> _WORK ITEM_: Return every entry below exactly as written, minus the pictures.

───

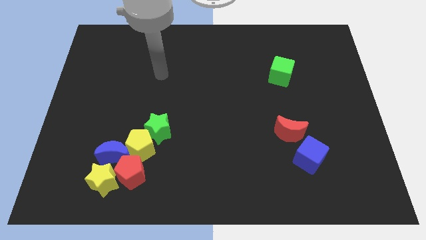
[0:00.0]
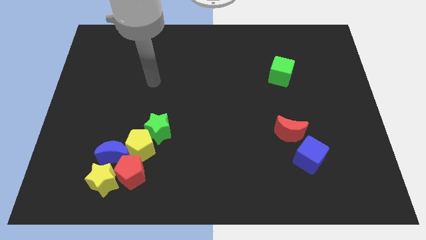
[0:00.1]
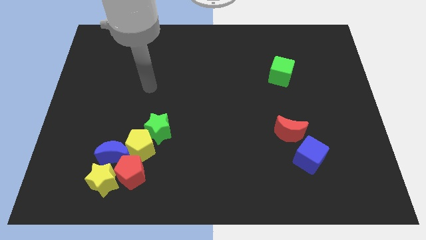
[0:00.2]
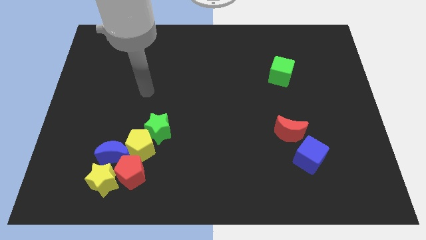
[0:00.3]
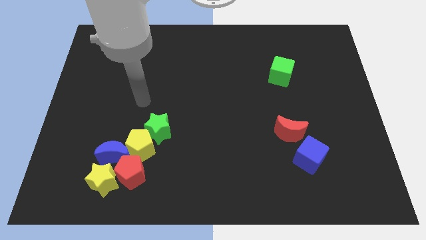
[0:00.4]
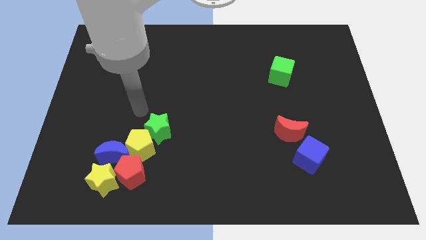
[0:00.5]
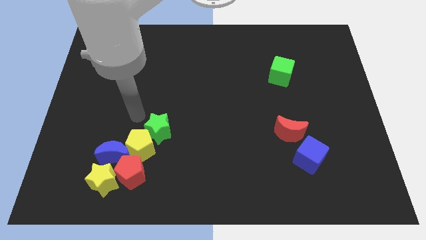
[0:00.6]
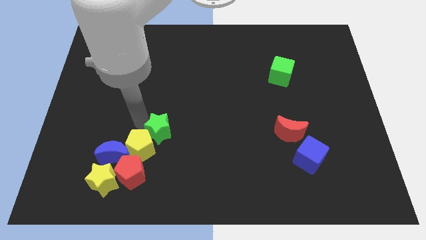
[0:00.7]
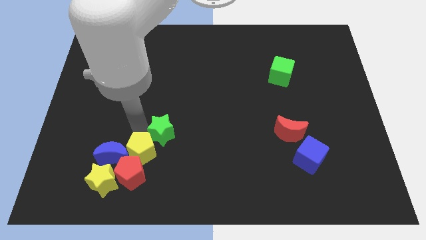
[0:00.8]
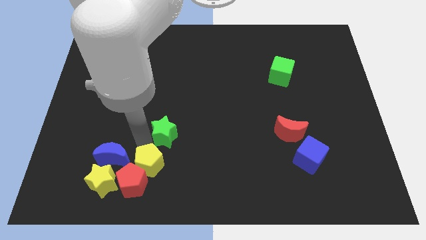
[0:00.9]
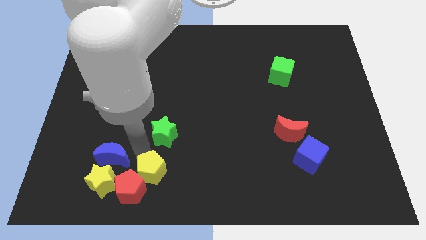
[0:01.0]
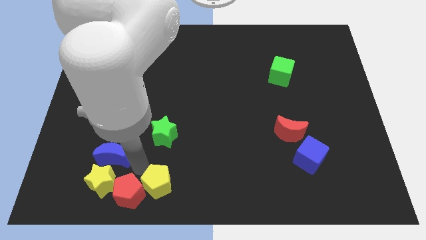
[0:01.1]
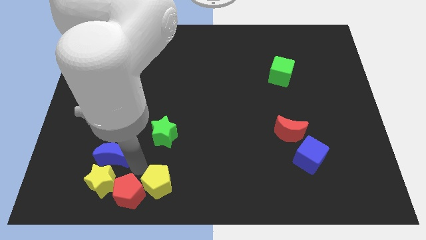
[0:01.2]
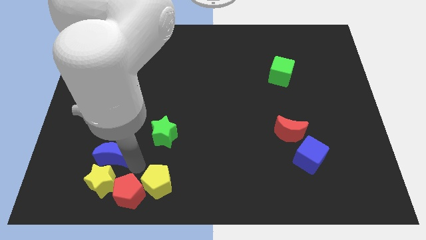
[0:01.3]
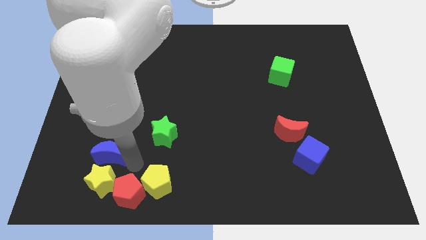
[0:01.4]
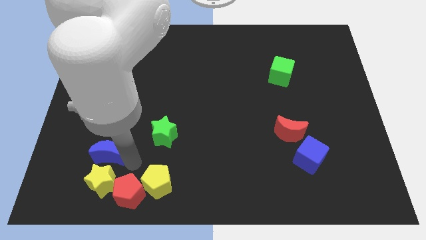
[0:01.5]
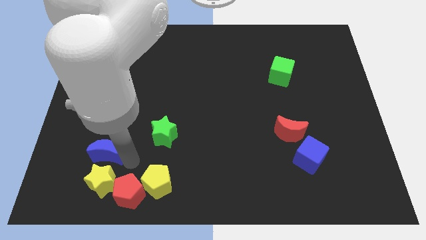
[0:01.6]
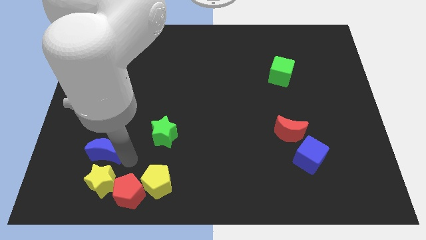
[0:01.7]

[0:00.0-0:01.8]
separate the blue moon from the group

───

> _EXERCISE OUTPUT_:
[0:00.0]
[0:00.1]
[0:00.2]
[0:00.3]
[0:00.4]
[0:00.5]
[0:00.6]
[0:00.7]
[0:00.8]
[0:00.9]
[0:01.0]
[0:01.1]
[0:01.2]
[0:01.3]
[0:01.4]
[0:01.5]
[0:01.6]
[0:01.7]

[0:00.0-0:01.8]
separate the blue moon from the group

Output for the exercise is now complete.